FedEx Delivers Another Good Quarter

Posted on Tuesday, January 10, 2012 in Ed Hardy

In September, I told you about FedEx’s (NYSE: FDX - News) fiscal-first-quarter earnings’ growth story. In the second quarter, the company reported a bombastic 76% income growth compared to its previous-year quarter. The world’s second-largest packaged delivery company posted better-than-expected results thanks to strong Thanksgiving weekend online sales and a better price/volume mix, sending the shares up after the announcement.

Let’s dig deeper.

The quarter
Profits increased to $497 million, a 76% year-over-year rise. The company earned $1.57 per share, beating the Street expectation of $1.53 per share. FedEx also improved its operational margins to 7.4%, from 4.9% last year, helped by fewer flights and frequencies.

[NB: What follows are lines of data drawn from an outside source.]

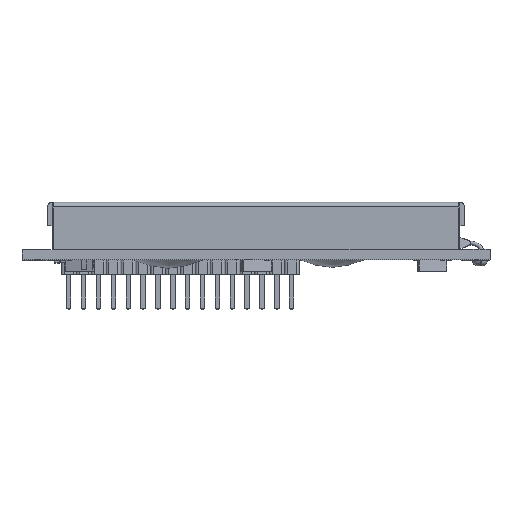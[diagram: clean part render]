
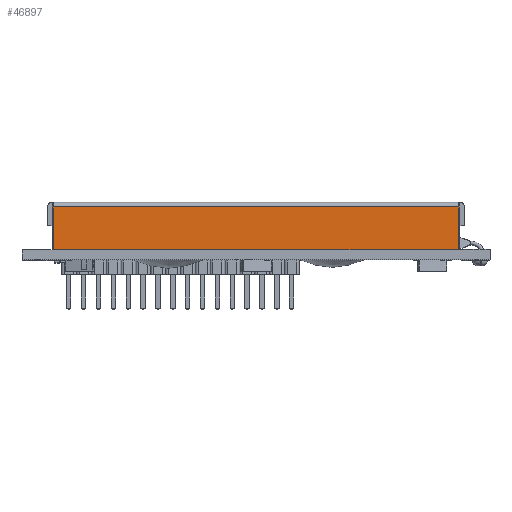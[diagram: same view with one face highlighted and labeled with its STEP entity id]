
A CAD part, top view. The second image highlights one B-rep face of the part: STEP entity #46897.
In plain terms, the highlighted planar face has unit normal (0, 0, 1).
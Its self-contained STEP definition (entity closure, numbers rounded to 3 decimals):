
#2091=PLANE('',#49708);
#5180=LINE('',#71829,#11030);
#5181=LINE('',#71831,#11031);
#5200=LINE('',#71916,#11050);
#5209=LINE('',#71938,#11059);
#5214=LINE('',#71948,#11064);
#5347=LINE('',#72449,#11197);
#5348=LINE('',#72454,#11198);
#5351=LINE('',#72460,#11201);
#5352=LINE('',#72462,#11202);
#5353=LINE('',#72464,#11203);
#5354=LINE('',#72465,#11204);
#5355=LINE('',#72467,#11205);
#5356=LINE('',#72468,#11206);
#11030=VECTOR('',#55213,1000.);
#11031=VECTOR('',#55214,1000.);
#11050=VECTOR('',#55235,1000.);
#11059=VECTOR('',#55250,1000.);
#11064=VECTOR('',#55257,1000.);
#11197=VECTOR('',#55680,1000.);
#11198=VECTOR('',#55685,1000.);
#11201=VECTOR('',#55692,1000.);
#11202=VECTOR('',#55695,1000.);
#11203=VECTOR('',#55696,1000.);
#11204=VECTOR('',#55697,1000.);
#11205=VECTOR('',#55698,1000.);
#11206=VECTOR('',#55699,1000.);
#16350=FACE_OUTER_BOUND('',#18966,.T.);
#18966=EDGE_LOOP('',(#37550,#37551,#37552,#37553,#37554,#37555,#37556,#37557,
#37558,#37559,#37560,#37561,#37562));
#22952=VERTEX_POINT('',#71826);
#22953=VERTEX_POINT('',#71828);
#22954=VERTEX_POINT('',#71830);
#22969=VERTEX_POINT('',#71914);
#22978=VERTEX_POINT('',#71936);
#22979=VERTEX_POINT('',#71937);
#22983=VERTEX_POINT('',#71947);
#23110=VERTEX_POINT('',#72448);
#23111=VERTEX_POINT('',#72452);
#23112=VERTEX_POINT('',#72453);
#23113=VERTEX_POINT('',#72458);
#23114=VERTEX_POINT('',#72463);
#23115=VERTEX_POINT('',#72466);
#28120=EDGE_CURVE('',#22952,#22953,#5180,.T.);
#28121=EDGE_CURVE('',#22953,#22954,#5181,.T.);
#28142=EDGE_CURVE('',#22952,#22969,#5200,.T.);
#28151=EDGE_CURVE('',#22978,#22979,#5209,.T.);
#28156=EDGE_CURVE('',#22983,#22954,#5214,.T.);
#28365=EDGE_CURVE('',#23110,#22983,#5347,.T.);
#28367=EDGE_CURVE('',#23111,#23112,#5348,.T.);
#28371=EDGE_CURVE('',#22979,#23113,#5351,.T.);
#28372=EDGE_CURVE('',#23113,#23110,#5352,.T.);
#28373=EDGE_CURVE('',#23114,#22969,#5353,.T.);
#28374=EDGE_CURVE('',#23111,#23114,#5354,.T.);
#28375=EDGE_CURVE('',#23115,#23112,#5355,.T.);
#28376=EDGE_CURVE('',#22978,#23115,#5356,.T.);
#37550=ORIENTED_EDGE('',*,*,#28371,.T.);
#37551=ORIENTED_EDGE('',*,*,#28372,.T.);
#37552=ORIENTED_EDGE('',*,*,#28365,.T.);
#37553=ORIENTED_EDGE('',*,*,#28156,.T.);
#37554=ORIENTED_EDGE('',*,*,#28121,.F.);
#37555=ORIENTED_EDGE('',*,*,#28120,.F.);
#37556=ORIENTED_EDGE('',*,*,#28142,.T.);
#37557=ORIENTED_EDGE('',*,*,#28373,.F.);
#37558=ORIENTED_EDGE('',*,*,#28374,.F.);
#37559=ORIENTED_EDGE('',*,*,#28367,.T.);
#37560=ORIENTED_EDGE('',*,*,#28375,.F.);
#37561=ORIENTED_EDGE('',*,*,#28376,.F.);
#37562=ORIENTED_EDGE('',*,*,#28151,.T.);
#46897=ADVANCED_FACE('',(#16350),#2091,.T.);
#49708=AXIS2_PLACEMENT_3D('',#72461,#55693,#55694);
#55213=DIRECTION('',(-1.,0.,0.));
#55214=DIRECTION('',(-1.,0.,0.));
#55235=DIRECTION('',(1.,0.,0.));
#55250=DIRECTION('',(1.,0.,0.));
#55257=DIRECTION('',(1.,0.,0.));
#55680=DIRECTION('',(0.,-1.,0.));
#55685=DIRECTION('',(1.,0.,0.));
#55692=DIRECTION('',(0.,1.,0.));
#55693=DIRECTION('center_axis',(0.,0.,1.));
#55694=DIRECTION('ref_axis',(1.,0.,0.));
#55695=DIRECTION('',(-1.,0.,0.));
#55696=DIRECTION('',(-1.,0.,0.));
#55697=DIRECTION('',(-1.,0.,0.));
#55698=DIRECTION('',(-1.,0.,0.));
#55699=DIRECTION('',(-1.,0.,0.));
#71826=CARTESIAN_POINT('',(-27.75,-7.3,13.4));
#71828=CARTESIAN_POINT('',(-28.679,-7.3,13.4));
#71829=CARTESIAN_POINT('',(-29.75,-7.3,13.4));
#71830=CARTESIAN_POINT('',(-29.75,-7.3,13.4));
#71831=CARTESIAN_POINT('',(-29.75,-7.3,13.4));
#71914=CARTESIAN_POINT('',(-2.25,-7.3,13.4));
#71916=CARTESIAN_POINT('',(-34.65,-7.3,13.4));
#71936=CARTESIAN_POINT('',(29.75,-7.3,13.4));
#71937=CARTESIAN_POINT('',(34.65,-7.3,13.4));
#71938=CARTESIAN_POINT('',(-34.65,-7.3,13.4));
#71947=CARTESIAN_POINT('',(-34.65,-7.3,13.4));
#71948=CARTESIAN_POINT('',(-34.65,-7.3,13.4));
#72448=CARTESIAN_POINT('',(-34.65,0.,13.4));
#72449=CARTESIAN_POINT('',(-34.65,0.8,13.4));
#72452=CARTESIAN_POINT('',(-0.25,-7.3,13.4));
#72453=CARTESIAN_POINT('',(27.75,-7.3,13.4));
#72454=CARTESIAN_POINT('',(-34.65,-7.3,13.4));
#72458=CARTESIAN_POINT('',(34.65,0.,13.4));
#72460=CARTESIAN_POINT('',(34.65,0.8,13.4));
#72461=CARTESIAN_POINT('Origin',(0.,0.,13.4));
#72462=CARTESIAN_POINT('',(0.,0.,13.4));
#72463=CARTESIAN_POINT('',(-1.321,-7.3,13.4));
#72464=CARTESIAN_POINT('',(-2.25,-7.3,13.4));
#72465=CARTESIAN_POINT('',(-2.25,-7.3,13.4));
#72466=CARTESIAN_POINT('',(28.679,-7.3,13.4));
#72467=CARTESIAN_POINT('',(29.75,-7.3,13.4));
#72468=CARTESIAN_POINT('',(29.75,-7.3,13.4));

Overall sales inched up by 10%, to $10.59 billion. Sales at FedEx’s largest business — FedEx Express — grew 10% and helped the company push up its revenue. Although international priority daily package volume was lower due to a weaker Asian market, the company still logged higher international priority revenues per package due to higher fuel surcharges, rate per pound, and weight per package.

Shopping and holiday mix
With an increase in online shopping during the Thanksgiving weekend, demand for residential delivery services shot up. The fact that online retailer Amazon.com is expected to have a strong holiday season is certainly good news for shipping companies like FedEx.

Looking beyond the quarter
Despite being hurt by a weak Asian market, FedEx has opened its largest express facility in China. The company sees China as an important market for express offerings as it can account for the bulk of FedEx’s future growth. Rival United Parcel Service (NYSE: UPS - News) is also increasing capacity in Asia.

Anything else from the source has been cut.